Hoss furrowed his brow, tryin’ to remember what his pa had taught him about spider bites. There weren’t too many predators in the desert wouldn’t run the other way when they seen you. The only time most fought back was when they felt they was in danger. It was just their bad luck that Little Joe’d pitched his bed on a Black Widder’s web. He’d only seen the bite one time before, but it was easy enough to recognize. Joe had a nice hole now where those little marks had been. It looked like a round circle of plum jelly. Joe’s arm was on fire and he was startin’ to feel hot. ‘Course, it was hard to tell whether that was from the bite or from the intense heat risin’ in a wave from the desert floor.
From what he knew, most times spider bites just made folks sick. The trouble was, they made some folks sicker than others. They was hardest on them what had other problems to begin with, but they was mighty hard on young’uns and people who had what the doc called a ‘delicate constitution’ too.
He still remembered the day Mama came in the door, lettin’ loose a long line of French, with Hop Sing followin’ in her wake, yellin’ in Chinese. Pa’d been sittin’ in his chair, readin’. He put his paper down and walked over to them and caught Mama by the arm and asked her what was wrong. She told him she was fine and that made Hop Sing start yellin’ again. It took Pa a couple of minutes to figure out that they’d been in the garden – Hop Sing workin’ the herbs and Mama cuttin’ flowers – when she’d cried out and swatted somethin’ off her arm. She was tryin’ to hide it, but Pa’d pushed her sleeve up and seen the bite. It weren’t near as angry as what Joe had now, as he remembered, but it sure enough got mad as a wet rattler as the night went on. Mama’s arm swoll up, and then her face, and then she started havin’ trouble breathin’. When mornin’ came, Pa sent for Doc Martin, afraid for her life. Seemed Mama was somethin’ called ‘sensitive’ to that there spider’s venom. He remembered standin’ at the door with Adam, watchin’ the Doc shake his head and hearin’ him say that if things didn’t get better, he’d have to open Mama’s windpipe. Pa was sure upset. When the Doc went downstairs to get his tools out of his buggy, Hop Sing stepped into the room and said somethin’ to Pa. He and Adam had watched their father think it through and then nod his head. Doc Martin wasn’t too happy when Pa said he wanted to try Hop Sing’s medicine first. It was somethin’ the Chinese knew about, and danged if it didn’t make the swellin’ go down and sure enough, Mama could breathe.
Hoss looked down at his brother. Joe’s eyelids were swollen. So was his face. His breath was comin’ hard.
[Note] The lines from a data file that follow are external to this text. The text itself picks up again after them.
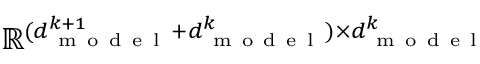
\mathbb { R } ^ { ( d _ { \mathrm { ~ m ~ o ~ d ~ e ~ l ~ } } ^ { k + 1 } + d _ { \mathrm { ~ m ~ o ~ d ~ e ~ l ~ } } ^ { k } ) \times d _ { \mathrm { ~ m ~ o ~ d ~ e ~ l ~ } } ^ { k } }
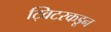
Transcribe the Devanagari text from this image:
ट्विटरकडून
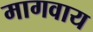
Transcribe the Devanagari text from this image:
मागवाय
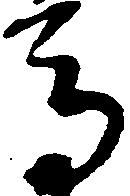
馬
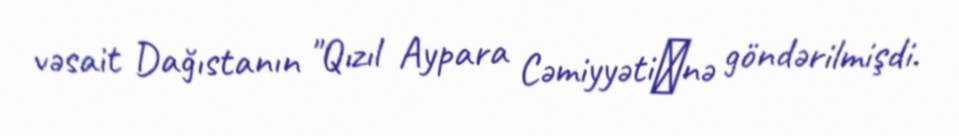
vəsait Dağıstanın "Qızıl Aypara Cəmiyyəti‖nə göndərilmişdi.
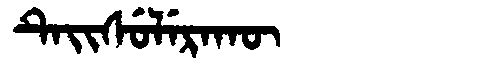
Manchu: ᡨᡝᡳᠰᡠᠯᡝᡵᠠᡴᡡ
Romanization: TEISULERAKŪ
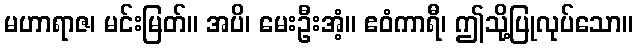
မဟာရာဇ၊ မင်းမြတ်။ အပိ၊ မေးဦးအံ့။ ဧဝံကာရီ၊ ဤသို့ပြုလုပ်သော။
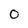
Character: O
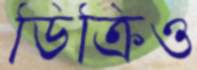
ডিক্রিও
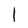
Character: I
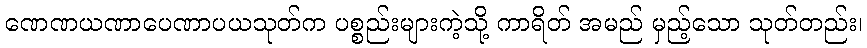
ဏေဏယဏာပေဏာပယသုတ်က ပစ္စည်းများကဲ့သို့ ကာရိတ် အမည် မှည့်သော သုတ်တည်း၊
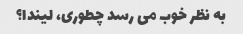
به نظر خوب می رسد چطوری، لیندا؟
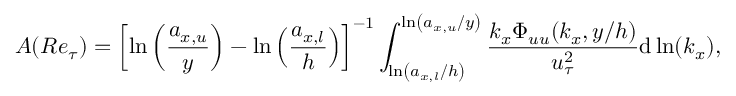
A ( R e _ { \tau } ) = \left[ \ln \left( \frac { a _ { x , u } } { y } \right) - \ln \left( \frac { a _ { x , l } } { h } \right) \right] ^ { - 1 } \int _ { \ln \left( a _ { x , l } / h \right) } ^ { \ln \left( a _ { x , u } / y \right) } \frac { k _ { x } \Phi _ { u u } ( k _ { x } , y / h ) } { u _ { \tau } ^ { 2 } } \mathrm { d } \ln ( k _ { x } ) ,
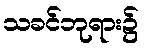
သခင်ဘုရား၌
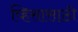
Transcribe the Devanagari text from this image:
व्हिसासाठी
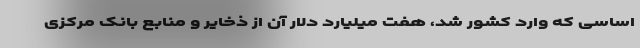
اساسی که وارد کشور شد، هفت میلیارد دلار آن از ذخایر و منابع بانک مرکزی
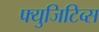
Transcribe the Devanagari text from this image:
फ्युजिटिव्स
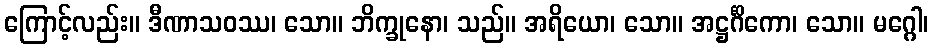
ကြောင့်လည်း။ ဒီဏာသဝဿ၊ သော။ ဘိက္ခုနော၊ သည်။ အရိယော၊ သော။ အဋ္ဌင်္ဂိကော၊ သော။ မဂ္ဂေါ၊
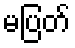
မပြတ်
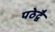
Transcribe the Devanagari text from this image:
पठेद्वै
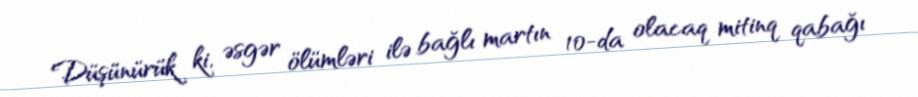
Düşünürük ki, əsgər ölümləri ilə bağlı martın 10-da olacaq mitinq qabağı
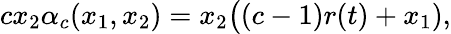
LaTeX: \begin{array}{r}{cx_{2}\alpha_{c}(x_{1},x_{2})=x_{2}\big((c-1)r(t)+x_{1}),}\end{array}
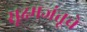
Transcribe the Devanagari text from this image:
सूक्ष्मजंतूचे
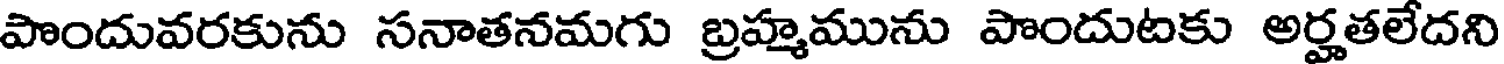
పొందువరకును సనాతనమగు బ్రహ్మమును పొందుటకు అర్హతలేదని
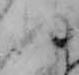
ぬ
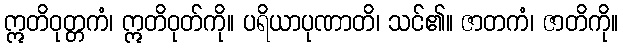
ဣတိဝုတ္တကံ၊ ဣတိဝုတ်ကို။ ပရိယာပုဏာတိ၊ သင်၏။ ဇာတကံ၊ ဇာတိကို။
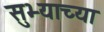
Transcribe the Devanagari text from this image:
सुभ्याच्या
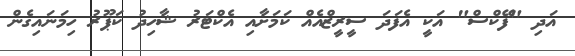
އަދި "ފޭކްސް" އަކީ އެފަދަ ސީރީޒްއެއް ކަމަށާއި އެކްޓަރު ޝާހިދު ކަޕޫރު ހިމަނައިގެން
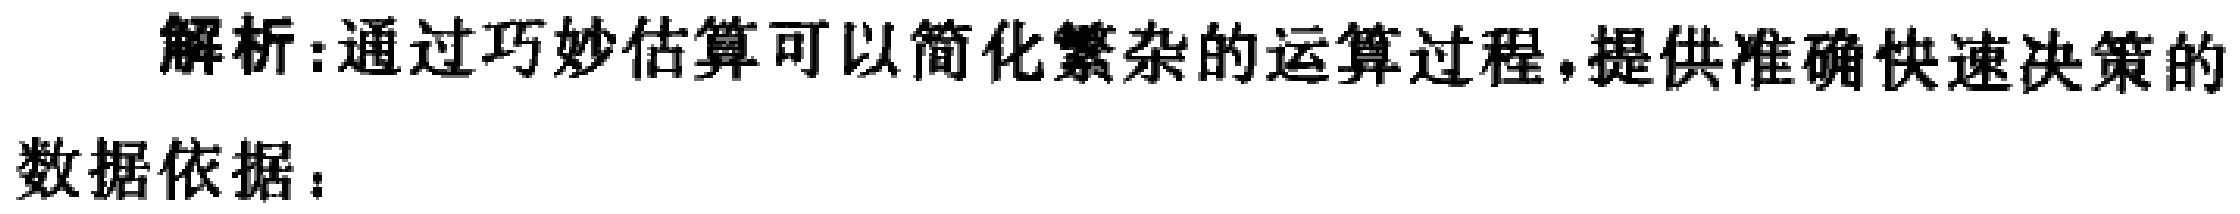
解析:通过巧妙估算可以简化繁杂的运算过程,提供准确快速决策的数据依据：
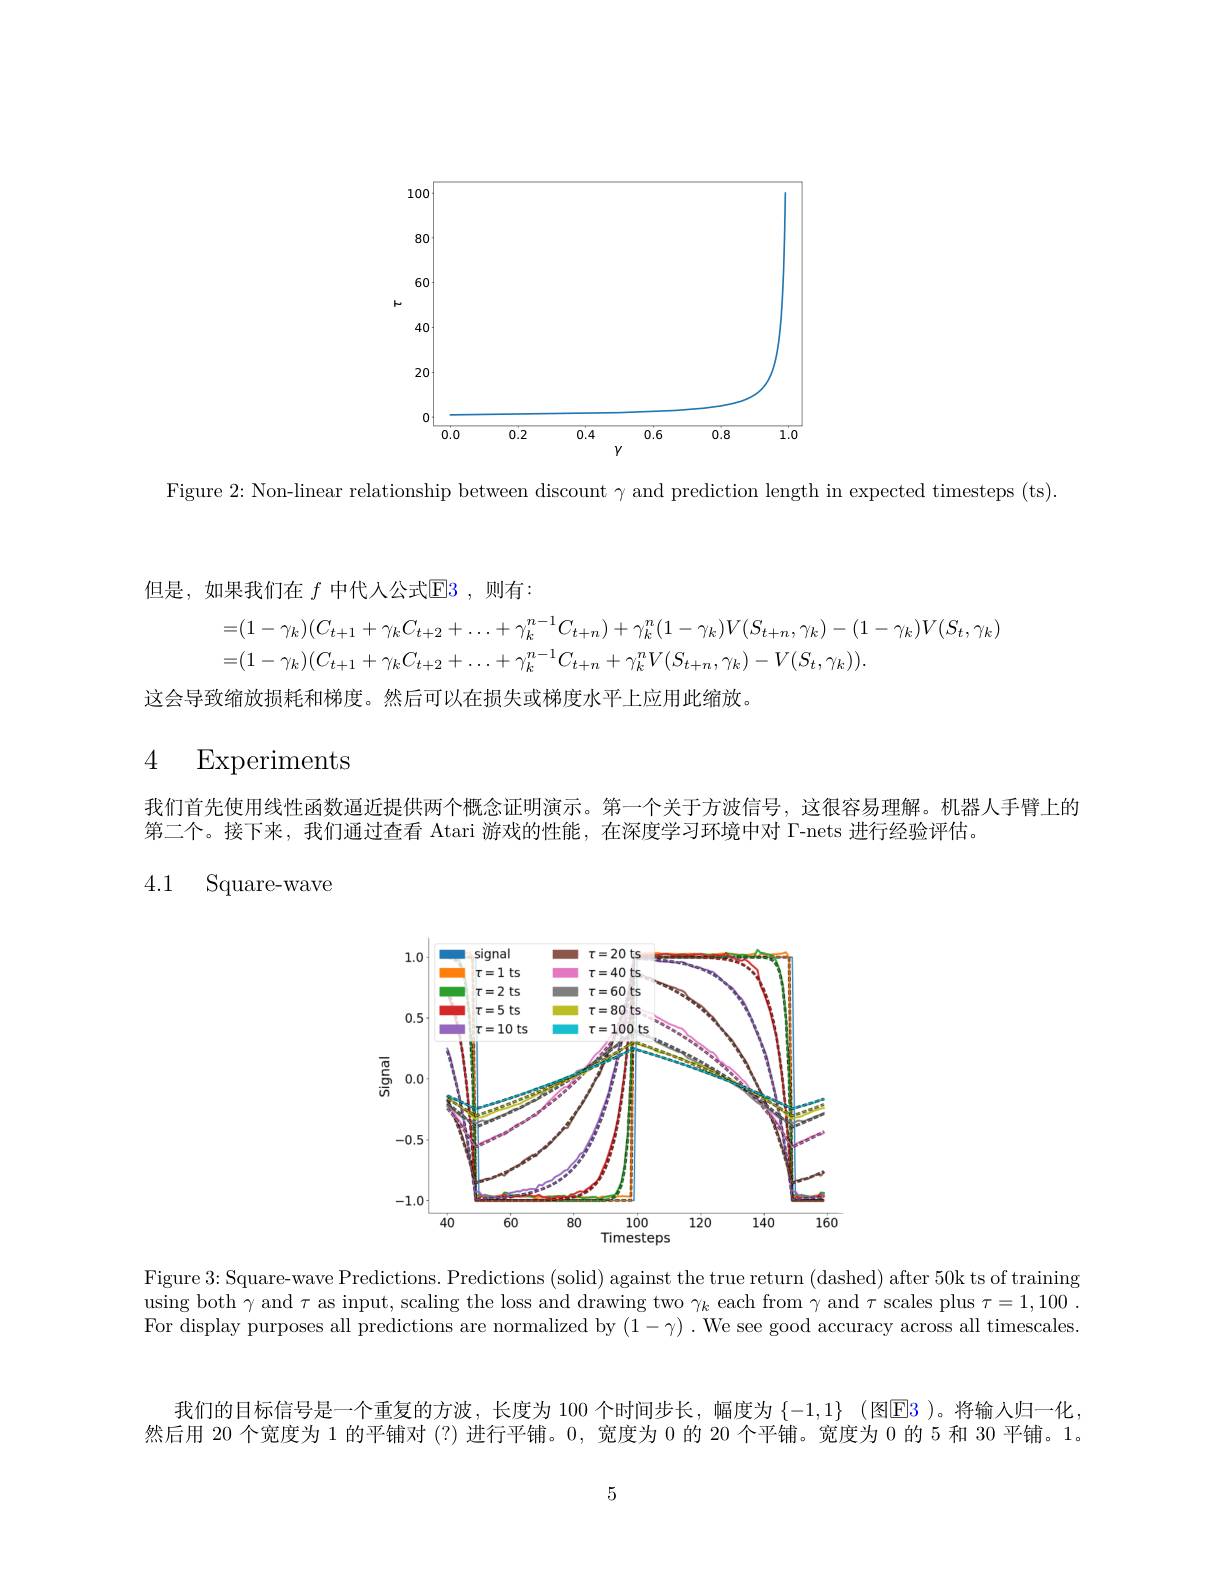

He sure wished he had Hop Sing with him now.
Just about the time that thought crossed his mind, Little Joe started and his eyes flew open. “Adam!” he called out.
The big man moved his hand to his brother’s forehead. It was hot. “Adam’s okay, punkin. You worry about yourself.”
“No,” Joe batted at his hand. “Have to…help…Adam….”
“Joe, you ain’t in no fit shape to ride.”
His little brother blinked. He ran his tongue over his lips and then asked, “Water?”
Hoss reached for the canteen. “Sure, little brother. You drink what you want. Only slow.”
Joe nodded. His hands were shakin’, but he managed to take hold of the canteen. After a sip, he lowered it to his lap and looked up.
“Hoss, what’s…wrong with me?”
A sick kitten would have looked plumb robust next to his little brother right now.
“You remember gettin’ shot in that dream of yours?”
Joe frowned. Then he nodded. “Yeah….”
Hoss reached out and gently lifted his brother’s arm. He heard Joe gasp when he saw it. The hole full of jelly was larger. There were red streaks around it now, crawlin’ up his arm. Tears ran from his brother’s eyes as he asked, “What is it?”
“Spider bite, Joe. Probably a Black Widder. You must of pitched your blanket on her nest.”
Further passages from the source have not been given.